Material to process:
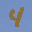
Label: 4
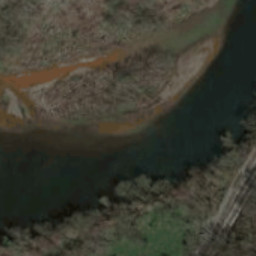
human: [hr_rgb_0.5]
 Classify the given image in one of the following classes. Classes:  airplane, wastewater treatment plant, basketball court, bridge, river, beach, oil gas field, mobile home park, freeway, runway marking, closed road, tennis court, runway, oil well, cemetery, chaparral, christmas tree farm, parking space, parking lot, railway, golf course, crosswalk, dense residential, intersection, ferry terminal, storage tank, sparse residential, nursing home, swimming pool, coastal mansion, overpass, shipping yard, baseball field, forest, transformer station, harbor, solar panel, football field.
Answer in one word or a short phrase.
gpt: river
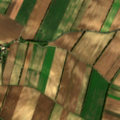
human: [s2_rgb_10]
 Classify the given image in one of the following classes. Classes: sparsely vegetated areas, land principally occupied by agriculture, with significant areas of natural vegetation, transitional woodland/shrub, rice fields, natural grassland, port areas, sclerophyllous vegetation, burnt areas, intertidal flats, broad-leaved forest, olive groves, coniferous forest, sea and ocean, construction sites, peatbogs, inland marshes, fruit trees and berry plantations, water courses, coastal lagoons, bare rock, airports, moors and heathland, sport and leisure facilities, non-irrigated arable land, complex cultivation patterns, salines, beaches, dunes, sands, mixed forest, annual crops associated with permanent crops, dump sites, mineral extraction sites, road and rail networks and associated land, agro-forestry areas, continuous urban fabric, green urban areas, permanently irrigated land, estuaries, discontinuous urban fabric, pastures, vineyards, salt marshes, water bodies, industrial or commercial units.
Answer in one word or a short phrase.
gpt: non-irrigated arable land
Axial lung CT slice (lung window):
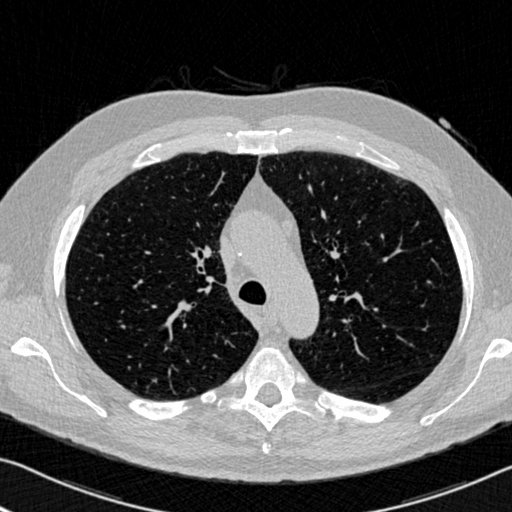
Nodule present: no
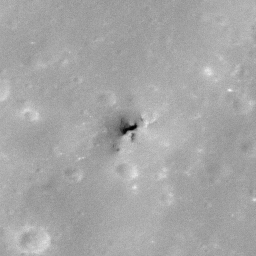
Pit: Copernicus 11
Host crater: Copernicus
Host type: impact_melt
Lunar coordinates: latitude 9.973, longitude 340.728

==

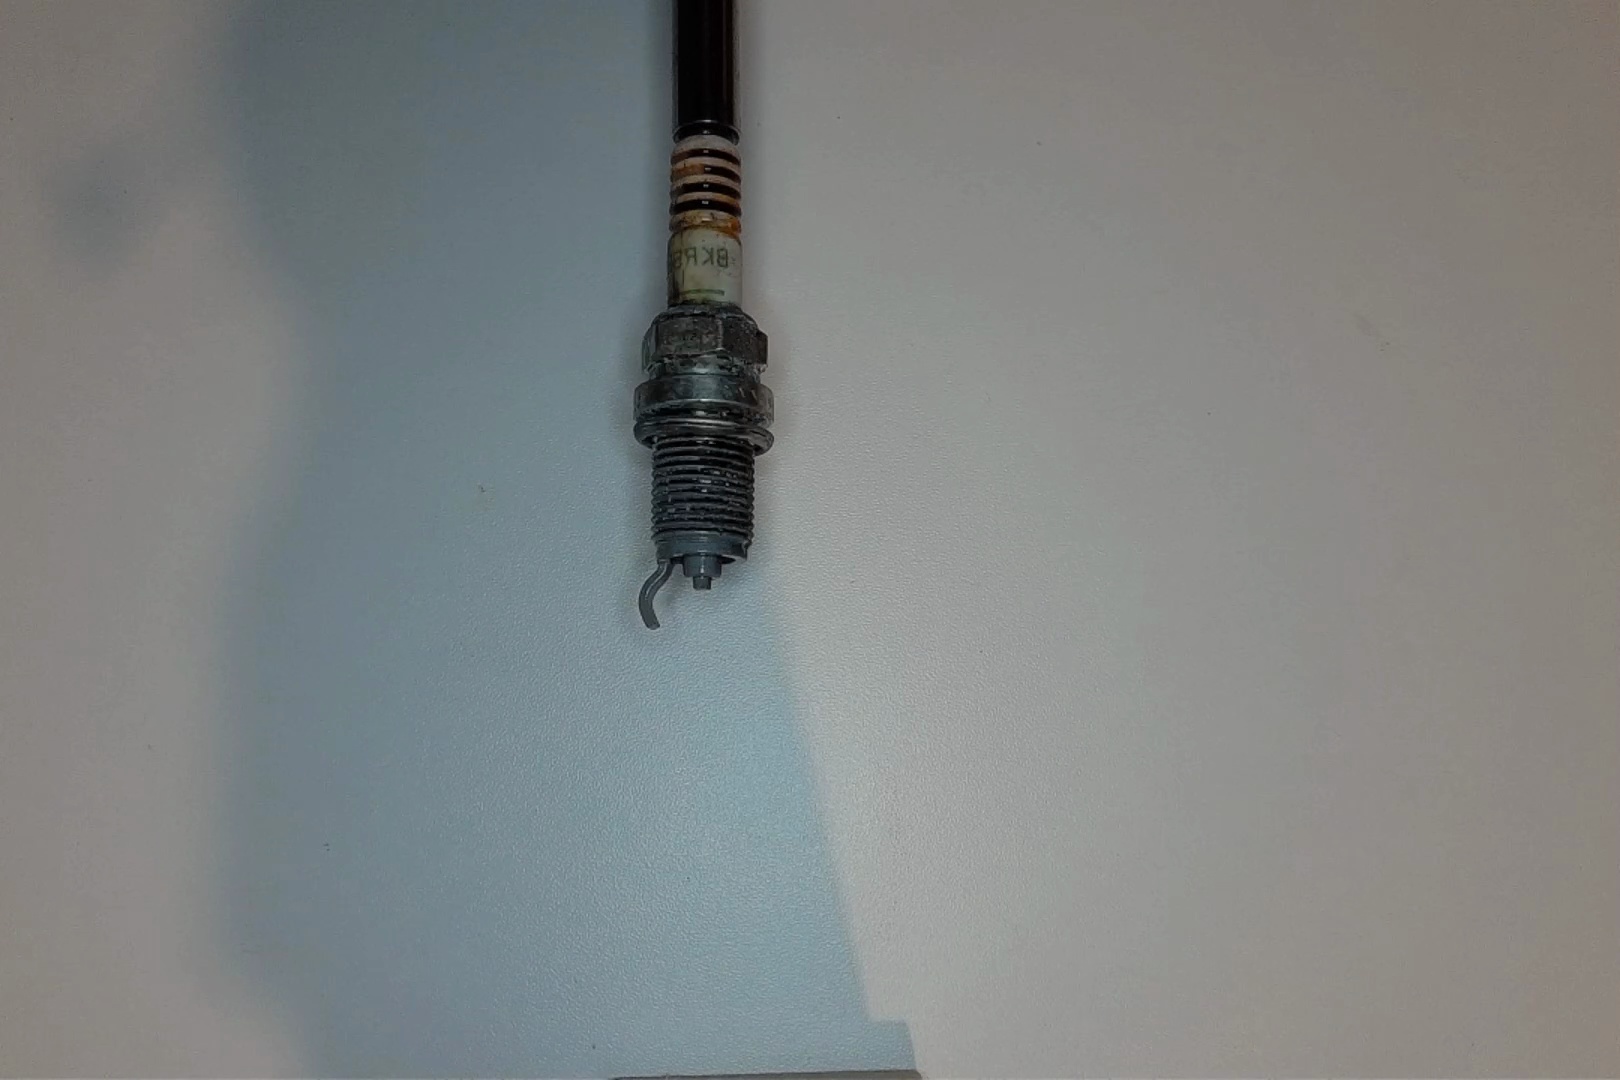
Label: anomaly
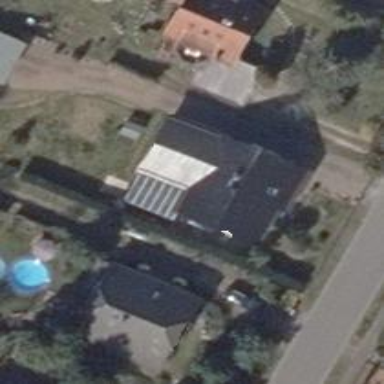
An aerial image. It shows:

Problem: All lines above starting at the one with "human: [hr_rgb_0.5]" and ending at the one with "human: [s2_rgb_10]", inclusive, are to be printed again exactly, with the pictures left out.

Exercise solution:
human: [hr_rgb_0.5]
 Classify the given image in one of the following classes. Classes:  airplane, wastewater treatment plant, basketball court, bridge, river, beach, oil gas field, mobile home park, freeway, runway marking, closed road, tennis court, runway, oil well, cemetery, chaparral, christmas tree farm, parking space, parking lot, railway, golf course, crosswalk, dense residential, intersection, ferry terminal, storage tank, sparse residential, nursing home, swimming pool, coastal mansion, overpass, shipping yard, baseball field, forest, transformer station, harbor, solar panel, football field.
Answer in one word or a short phrase.
gpt: river
human: [s2_rgb_10]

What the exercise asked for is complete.